Wake me up inside

2 minute read time.

It’s been a week since I started my new chemo treatment and this week, I’m beyond tired 24/7. There is definitely a difference between ‘tired’ and ‘chronic fatigue’ and no amount of sleep is helping me get through it. It’s made it tough last week at work concentrating and being productive but when sleep doesn’t make me less tired, I might as well try and be awake and doing things. After the nuclear treatment I’ve had the side effects of these tablets are nothing to write home about. I feel like I’ve got constant car sickness but nothing that stops me getting on with my day and I can eat and drink fine. I have a weird tingly feeling in my toes and fingertips all of the time like a mild pins and needles so I’m constantly moisturising to try and stop the skin coming off like it did with the Doxetaxel. My toenails are still dropping off randomly and two of my fingernails have lifted, still effects from the last treatment. My tummy is not happy with anything that I eat and doesn’t stay with me for more than 30 mins after I’ve eaten but again nothing like the extreme sickness or diarrhoea I’ve had with past treatments.

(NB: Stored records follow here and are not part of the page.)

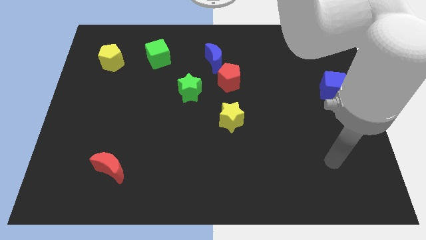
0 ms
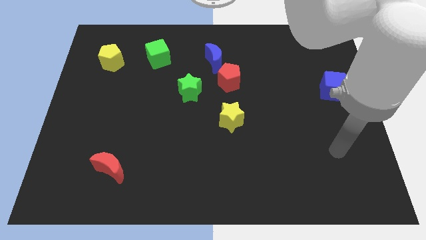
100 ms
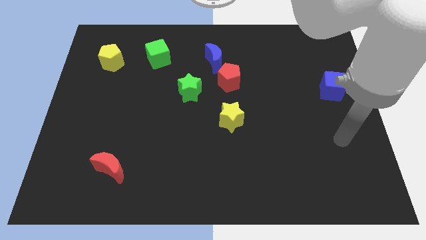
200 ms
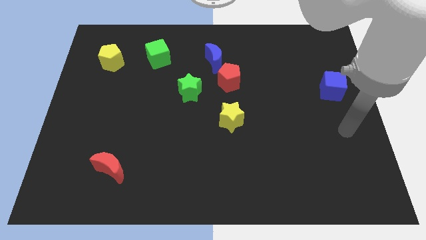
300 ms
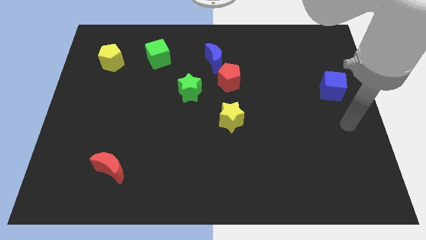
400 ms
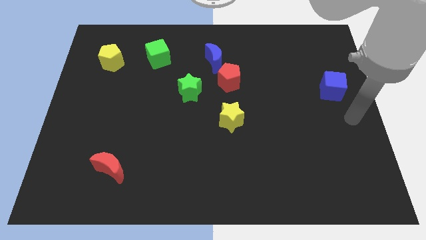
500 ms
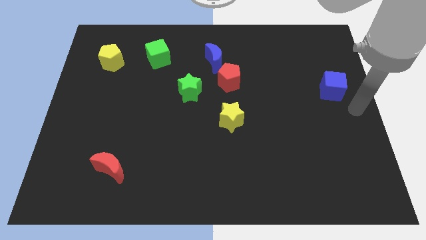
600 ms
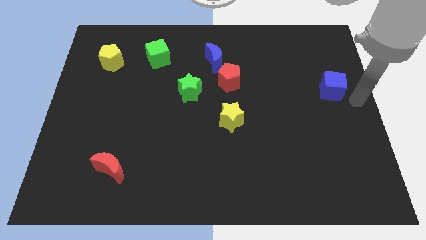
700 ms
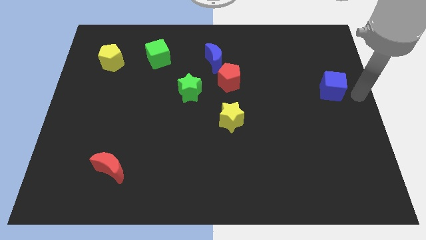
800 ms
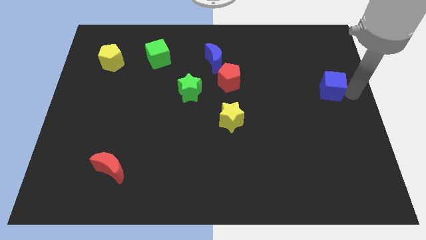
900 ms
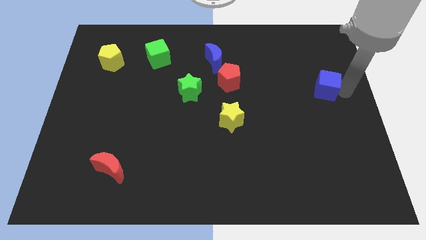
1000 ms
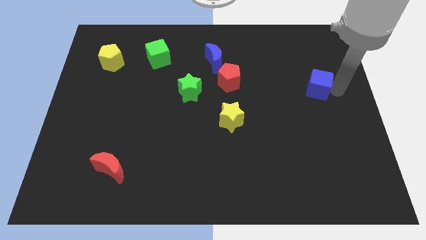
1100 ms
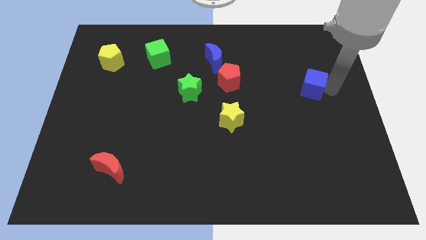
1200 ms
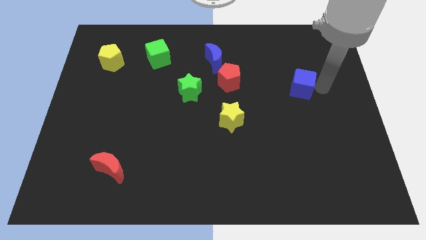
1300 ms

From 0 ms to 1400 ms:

I spoke too soon on my last blog and literally the next day, I had all of my Radiotherapy information and appointments through the post for this week. I have a telephone consultation with an oncologist on Thursday. As if I now have two oncologists to deal with. Then I have an appointment at the hospital on Friday to have a CT scan, be fitted for my board and get my tattoo’s done before my treatment starts the following week. I’m concerned about my seroma and the lack of contact with my breast nurses to help fix it this week. The radiotherapy information stated that treatment couldn’t go ahead if a seroma was there. I’ve called my nurses twice last Thursday and Friday and again this morning. I need to see if I need to get it drained asap this week and then what I can do if I’m having radiotherapy daily and it comes back.

I’m nervous to hear what is going to come with the radiotherapy. It looks like it’s going to run over Christmas and new year. Depending on the strength that I’m going to get, I can’t be around kids or pregnant people which means I won’t be able to see my sister for a month either. I was hoping it was going to be a quiet December with just Chemotherapy to worry about but now that it’s here at least it will be over and done with for the start of next year. Let’s see what this week holds for the next unknown journey.

Anonymous
  • Thanks for the heads up with this. I’ve got 15 sessions to do so I think I’ll get 3 weeks holiday booked in at work and then am not under pressure. I can relax and sleep when I need to if this is goJoyg to add to my lack of energy lol. Hahaha this sounds like a good plan. I’m sure I can get away with it just facilitating this year Joy

  • Hi. From R/T, uncomfortable now and again, some tenderness and a bit of pain (like sunburn) but nothing serious. It's still tender and swollen now 7 weeks on, but nothing compared to chemo or surgery healing.  Good luck

  • This is what I was expecting so I'm glad you've let me know what it was like! I can cope with some sunburn (I think! haha)

    I hope your doing well. Are you now officially done with treatments?! Pray tone1

  • I still have 6 more Phesgo injections, so that takes me until late March I think. Then 5 more bone infusions (twice a year) and Letrozole until September 2030!!!!   They kindly remind me of this on each prescription label Joy

  • Good luck with all your ongoing treatment. Always catch up on your blog and how you're doing, it was your blog that made me start my own.

    Hope you get to see your family over Christmas . I too have heard mixed reports about radiotherapy- not sure if it's an urban myth about keeping away from children etc.You can report back and tell us.